_Saved entries:_
*-*-*

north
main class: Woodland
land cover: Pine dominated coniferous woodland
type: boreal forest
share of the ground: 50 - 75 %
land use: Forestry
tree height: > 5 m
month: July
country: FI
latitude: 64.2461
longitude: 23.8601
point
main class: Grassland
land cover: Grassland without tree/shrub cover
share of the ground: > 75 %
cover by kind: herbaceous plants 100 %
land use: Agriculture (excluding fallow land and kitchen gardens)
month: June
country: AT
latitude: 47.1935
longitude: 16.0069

*-*-*

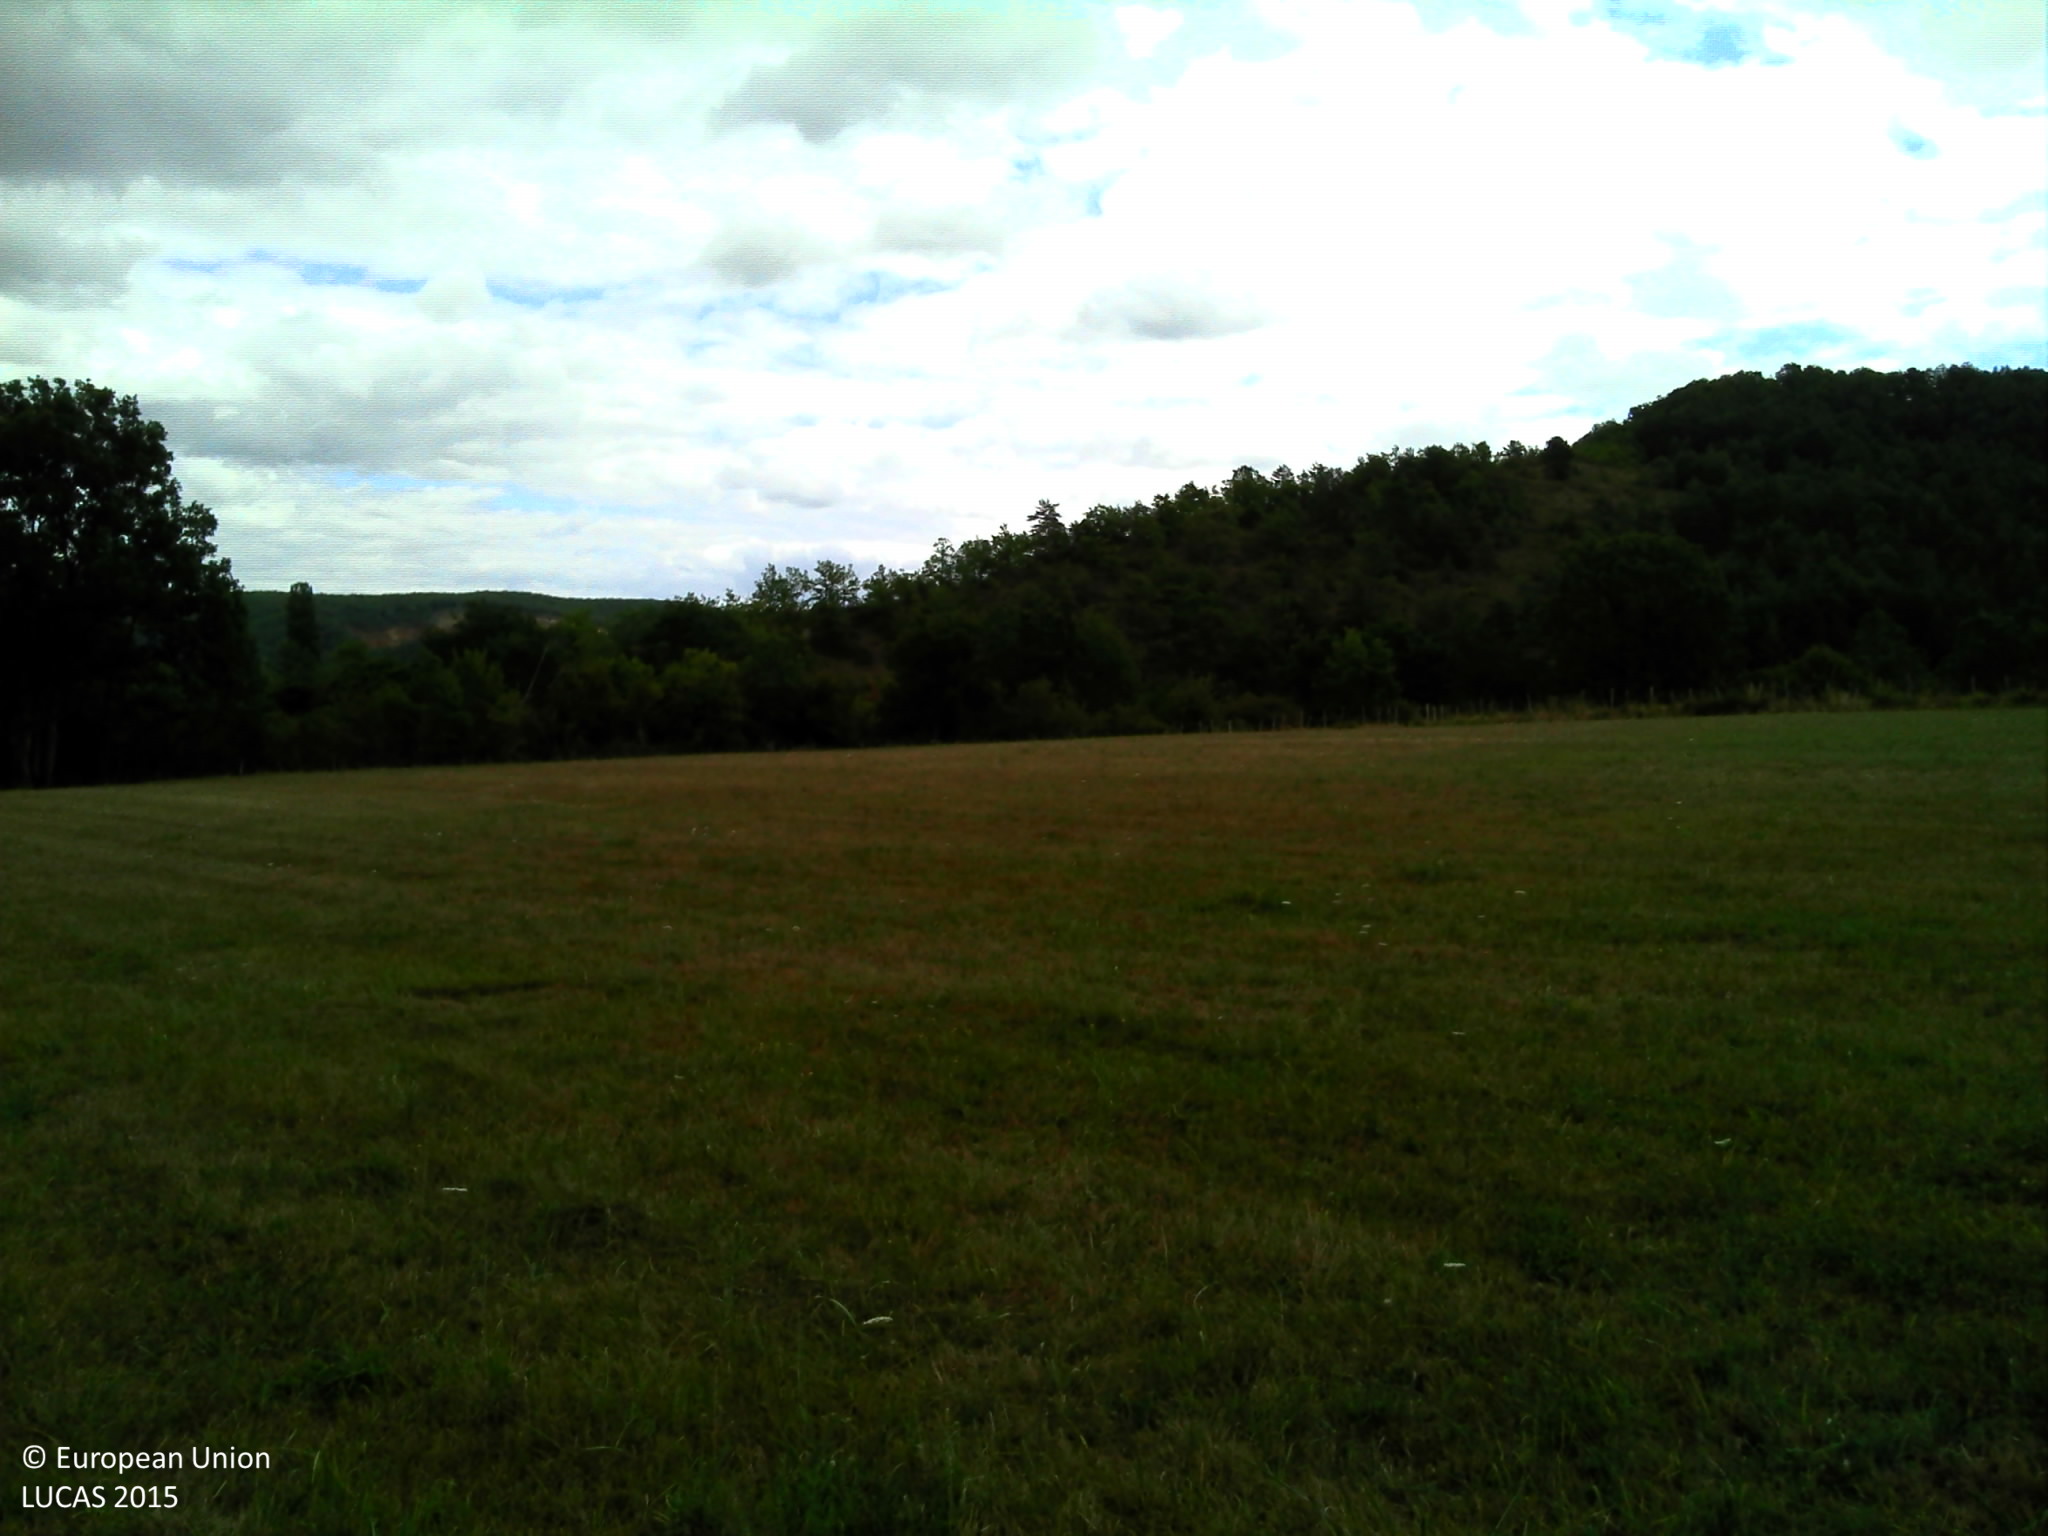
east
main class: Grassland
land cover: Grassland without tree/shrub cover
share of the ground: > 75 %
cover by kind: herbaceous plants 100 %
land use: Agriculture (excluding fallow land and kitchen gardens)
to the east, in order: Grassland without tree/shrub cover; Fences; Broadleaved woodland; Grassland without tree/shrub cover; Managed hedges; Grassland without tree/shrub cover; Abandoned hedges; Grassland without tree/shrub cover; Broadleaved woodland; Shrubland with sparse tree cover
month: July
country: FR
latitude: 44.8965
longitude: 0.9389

*-*-*

In the entries above, find each line that has the word "tree". Copy it.

_Solution:_
tree height: > 5 m
land cover: Grassland without tree/shrub cover
land cover: Grassland without tree/shrub cover
to the east, in order: Grassland without tree/shrub cover; Fences; Broadleaved woodland; Grassland without tree/shrub cover; Managed hedges; Grassland without tree/shrub cover; Abandoned hedges; Grassland without tree/shrub cover; Broadleaved woodland; Shrubland with sparse tree cover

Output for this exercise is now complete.